Juliette Has A Gun
A unique visual signature based on accords, character, and seasonality
The fleur de sel announces itself with actual salinity—proper marine minerality that feels lifted from the foam line of a grey North Sea beach. This isn't metaphorical saltiness; it's bracing, slightly metallic, and immediately softened by the vanilla absolute which blooms warm and slightly boozy beneath. The synthetic freshness hovers above like coastal mist, keeping everything remarkably light despite the richness lurking underneath.
The brown musk emerges with that peculiar clean-skin quality, merging with the benzoin to create something that reads as expensive fabric softener meeting salted caramel. Tonka bean adds its characteristic hay-like sweetness, but the aquatic elements persist, refusing to let this settle into conventional gourmand territory. The sandalwood begins whispering creamy woodiness, rounding the sharper edges without dominating.

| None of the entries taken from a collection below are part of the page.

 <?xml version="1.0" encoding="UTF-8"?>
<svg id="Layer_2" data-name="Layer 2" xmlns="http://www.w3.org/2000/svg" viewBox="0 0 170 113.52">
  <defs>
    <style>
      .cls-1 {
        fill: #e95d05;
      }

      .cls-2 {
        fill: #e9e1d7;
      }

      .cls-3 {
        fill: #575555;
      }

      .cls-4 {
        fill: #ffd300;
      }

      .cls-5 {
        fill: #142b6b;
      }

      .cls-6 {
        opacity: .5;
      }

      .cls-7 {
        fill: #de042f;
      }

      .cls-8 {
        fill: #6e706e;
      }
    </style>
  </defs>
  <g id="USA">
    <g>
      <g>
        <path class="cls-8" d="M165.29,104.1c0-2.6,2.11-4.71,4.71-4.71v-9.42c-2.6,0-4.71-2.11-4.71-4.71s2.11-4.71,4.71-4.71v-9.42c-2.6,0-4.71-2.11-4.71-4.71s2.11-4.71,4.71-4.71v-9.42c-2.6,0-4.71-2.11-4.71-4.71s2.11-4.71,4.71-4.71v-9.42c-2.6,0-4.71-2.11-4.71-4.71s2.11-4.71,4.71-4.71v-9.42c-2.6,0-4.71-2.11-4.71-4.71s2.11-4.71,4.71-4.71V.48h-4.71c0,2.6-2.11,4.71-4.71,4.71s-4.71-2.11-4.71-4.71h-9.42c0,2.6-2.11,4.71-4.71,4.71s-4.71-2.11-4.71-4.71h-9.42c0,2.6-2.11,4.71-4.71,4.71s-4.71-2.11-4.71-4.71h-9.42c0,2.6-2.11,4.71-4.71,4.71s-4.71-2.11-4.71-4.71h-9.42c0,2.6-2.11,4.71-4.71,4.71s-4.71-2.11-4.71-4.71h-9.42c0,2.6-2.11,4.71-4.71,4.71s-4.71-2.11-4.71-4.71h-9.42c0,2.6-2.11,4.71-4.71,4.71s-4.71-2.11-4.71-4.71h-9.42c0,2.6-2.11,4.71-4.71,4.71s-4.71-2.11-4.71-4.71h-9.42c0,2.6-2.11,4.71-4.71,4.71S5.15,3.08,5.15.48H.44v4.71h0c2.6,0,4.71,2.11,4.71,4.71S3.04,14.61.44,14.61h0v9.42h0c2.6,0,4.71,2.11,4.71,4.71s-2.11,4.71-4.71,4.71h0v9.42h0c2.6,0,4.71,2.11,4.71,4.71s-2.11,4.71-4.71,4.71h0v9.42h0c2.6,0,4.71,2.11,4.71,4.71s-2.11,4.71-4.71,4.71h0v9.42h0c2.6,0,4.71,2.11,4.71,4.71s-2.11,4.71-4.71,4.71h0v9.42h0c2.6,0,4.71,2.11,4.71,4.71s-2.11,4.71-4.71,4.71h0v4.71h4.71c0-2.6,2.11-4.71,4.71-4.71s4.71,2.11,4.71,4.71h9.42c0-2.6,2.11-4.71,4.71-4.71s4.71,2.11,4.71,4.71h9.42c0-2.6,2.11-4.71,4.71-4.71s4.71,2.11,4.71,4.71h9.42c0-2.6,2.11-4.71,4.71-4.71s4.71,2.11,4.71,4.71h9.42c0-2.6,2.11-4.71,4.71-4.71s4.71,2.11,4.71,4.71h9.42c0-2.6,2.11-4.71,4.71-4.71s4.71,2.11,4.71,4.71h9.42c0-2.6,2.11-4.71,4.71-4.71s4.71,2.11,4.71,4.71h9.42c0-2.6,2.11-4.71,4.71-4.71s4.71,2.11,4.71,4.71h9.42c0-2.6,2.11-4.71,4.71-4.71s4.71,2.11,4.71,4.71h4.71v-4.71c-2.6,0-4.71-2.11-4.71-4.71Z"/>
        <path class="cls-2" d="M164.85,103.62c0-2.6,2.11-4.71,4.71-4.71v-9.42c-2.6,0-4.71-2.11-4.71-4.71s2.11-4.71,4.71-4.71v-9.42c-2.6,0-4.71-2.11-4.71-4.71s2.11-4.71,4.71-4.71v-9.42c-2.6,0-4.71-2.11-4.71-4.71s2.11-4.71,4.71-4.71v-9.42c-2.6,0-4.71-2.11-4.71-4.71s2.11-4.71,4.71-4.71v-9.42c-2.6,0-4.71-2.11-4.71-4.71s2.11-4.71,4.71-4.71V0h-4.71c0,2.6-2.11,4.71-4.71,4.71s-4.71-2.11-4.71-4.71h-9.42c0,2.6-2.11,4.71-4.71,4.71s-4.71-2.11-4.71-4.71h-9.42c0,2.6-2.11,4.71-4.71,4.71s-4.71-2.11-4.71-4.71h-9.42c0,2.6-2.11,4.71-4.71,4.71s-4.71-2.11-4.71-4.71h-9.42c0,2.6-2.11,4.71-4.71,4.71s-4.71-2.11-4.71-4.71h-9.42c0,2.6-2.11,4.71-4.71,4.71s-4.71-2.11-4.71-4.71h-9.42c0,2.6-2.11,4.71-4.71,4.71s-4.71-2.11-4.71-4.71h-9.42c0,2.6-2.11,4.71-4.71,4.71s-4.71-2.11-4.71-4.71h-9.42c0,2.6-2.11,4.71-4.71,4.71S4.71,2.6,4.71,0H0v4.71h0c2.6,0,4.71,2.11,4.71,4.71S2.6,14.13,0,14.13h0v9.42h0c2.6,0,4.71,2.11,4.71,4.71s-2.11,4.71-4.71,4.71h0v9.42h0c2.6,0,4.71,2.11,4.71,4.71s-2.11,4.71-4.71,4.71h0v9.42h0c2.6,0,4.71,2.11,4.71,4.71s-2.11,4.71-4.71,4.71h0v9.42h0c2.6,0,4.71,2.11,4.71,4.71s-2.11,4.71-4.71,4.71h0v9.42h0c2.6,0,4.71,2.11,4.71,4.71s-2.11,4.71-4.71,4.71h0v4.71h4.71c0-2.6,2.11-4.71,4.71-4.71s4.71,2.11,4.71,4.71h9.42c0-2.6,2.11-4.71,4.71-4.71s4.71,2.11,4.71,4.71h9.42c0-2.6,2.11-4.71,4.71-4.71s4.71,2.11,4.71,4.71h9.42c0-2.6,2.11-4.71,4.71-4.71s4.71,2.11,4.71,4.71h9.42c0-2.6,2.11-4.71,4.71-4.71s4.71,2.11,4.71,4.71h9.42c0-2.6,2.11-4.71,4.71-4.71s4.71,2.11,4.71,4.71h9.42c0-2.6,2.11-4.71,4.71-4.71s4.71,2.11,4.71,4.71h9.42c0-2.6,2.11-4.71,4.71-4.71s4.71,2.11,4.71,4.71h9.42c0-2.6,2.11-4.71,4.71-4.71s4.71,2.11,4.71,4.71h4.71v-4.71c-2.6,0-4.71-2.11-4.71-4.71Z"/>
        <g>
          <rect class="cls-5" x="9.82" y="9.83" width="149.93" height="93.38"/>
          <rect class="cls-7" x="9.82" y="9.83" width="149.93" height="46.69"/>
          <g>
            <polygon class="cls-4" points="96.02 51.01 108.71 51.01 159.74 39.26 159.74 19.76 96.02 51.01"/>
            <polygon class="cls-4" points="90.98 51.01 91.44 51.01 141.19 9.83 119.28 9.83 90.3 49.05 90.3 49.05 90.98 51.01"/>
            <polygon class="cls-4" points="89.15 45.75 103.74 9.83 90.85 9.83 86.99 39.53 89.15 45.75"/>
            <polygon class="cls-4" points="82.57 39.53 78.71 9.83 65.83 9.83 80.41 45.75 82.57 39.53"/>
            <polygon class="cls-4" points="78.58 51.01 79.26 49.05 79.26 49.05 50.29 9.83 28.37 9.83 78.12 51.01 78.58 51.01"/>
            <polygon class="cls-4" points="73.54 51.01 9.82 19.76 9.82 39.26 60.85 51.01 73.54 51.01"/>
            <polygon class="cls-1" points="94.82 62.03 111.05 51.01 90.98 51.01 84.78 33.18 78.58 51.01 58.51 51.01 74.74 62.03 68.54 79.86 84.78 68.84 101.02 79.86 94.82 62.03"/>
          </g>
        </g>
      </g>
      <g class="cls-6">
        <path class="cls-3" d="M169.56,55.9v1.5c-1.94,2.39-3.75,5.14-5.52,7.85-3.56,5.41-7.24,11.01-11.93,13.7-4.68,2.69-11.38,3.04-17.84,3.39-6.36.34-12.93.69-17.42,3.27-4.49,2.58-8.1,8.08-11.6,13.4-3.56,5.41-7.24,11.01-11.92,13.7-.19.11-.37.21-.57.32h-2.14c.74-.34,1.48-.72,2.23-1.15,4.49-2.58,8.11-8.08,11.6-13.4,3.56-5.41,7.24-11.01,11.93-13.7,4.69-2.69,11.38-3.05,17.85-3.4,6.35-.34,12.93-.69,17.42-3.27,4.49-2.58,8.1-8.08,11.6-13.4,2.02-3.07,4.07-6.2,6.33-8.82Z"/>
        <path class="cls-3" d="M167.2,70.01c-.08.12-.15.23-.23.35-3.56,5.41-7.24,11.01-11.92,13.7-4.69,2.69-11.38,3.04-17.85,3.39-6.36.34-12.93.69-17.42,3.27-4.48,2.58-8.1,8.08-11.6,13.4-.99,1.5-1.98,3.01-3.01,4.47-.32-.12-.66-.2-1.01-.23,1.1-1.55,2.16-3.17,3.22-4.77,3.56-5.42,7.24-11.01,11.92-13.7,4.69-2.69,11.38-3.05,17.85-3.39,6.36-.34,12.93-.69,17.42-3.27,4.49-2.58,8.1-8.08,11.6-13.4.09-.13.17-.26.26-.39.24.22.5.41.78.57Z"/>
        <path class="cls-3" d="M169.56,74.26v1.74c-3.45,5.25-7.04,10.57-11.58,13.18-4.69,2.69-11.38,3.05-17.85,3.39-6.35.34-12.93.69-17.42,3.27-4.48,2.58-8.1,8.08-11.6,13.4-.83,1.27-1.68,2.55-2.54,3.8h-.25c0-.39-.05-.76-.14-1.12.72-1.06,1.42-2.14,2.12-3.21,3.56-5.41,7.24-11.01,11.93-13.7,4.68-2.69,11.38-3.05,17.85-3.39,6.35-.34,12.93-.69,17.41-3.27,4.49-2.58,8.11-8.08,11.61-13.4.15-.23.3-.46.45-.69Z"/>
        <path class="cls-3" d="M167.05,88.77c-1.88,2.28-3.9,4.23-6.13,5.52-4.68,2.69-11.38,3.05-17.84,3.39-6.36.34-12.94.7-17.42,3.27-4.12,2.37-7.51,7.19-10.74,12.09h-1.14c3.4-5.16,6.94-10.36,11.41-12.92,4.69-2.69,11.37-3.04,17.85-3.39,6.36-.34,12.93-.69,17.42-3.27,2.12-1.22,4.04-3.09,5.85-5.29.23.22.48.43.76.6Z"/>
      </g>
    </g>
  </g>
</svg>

What remains is a soft, musky vanilla haze with lingering mineral coolness—like skin that's been swimming in the sea, then warmed in cashmere. The tonka and benzoin create a gentle resinous sweetness that sits close to the skin, whilst that persistent aquatic shimmer ensures it never becomes heavy or cloying. It's oddly addictive in its simplicity, a comfort scent with an edge of strangeness.
Vanilla Vibes is Romano Ricci's love letter to the salted caramel aesthetic, but filtered through a distinctly modern, almost sterile lens. That fleur de sel opens with genuine mineral bite—proper sea spray, not the usual timid whisper of salt that most perfumers dabble with. It crashes against the vanilla absolute with surprising force, creating this fascinating tension between oceanic freshness and confectionery warmth. The synthetic accord (clocking in at a notable 64%) isn't a weakness here; it's the scaffolding that keeps this from collapsing into basic gourmand territory. There's an almost laundry-musk quality to the brown musk that reads as exceptionally clean, amplified by what feels like ambroxan or a similar ISO E Super derivative lending that aquatic shimmer.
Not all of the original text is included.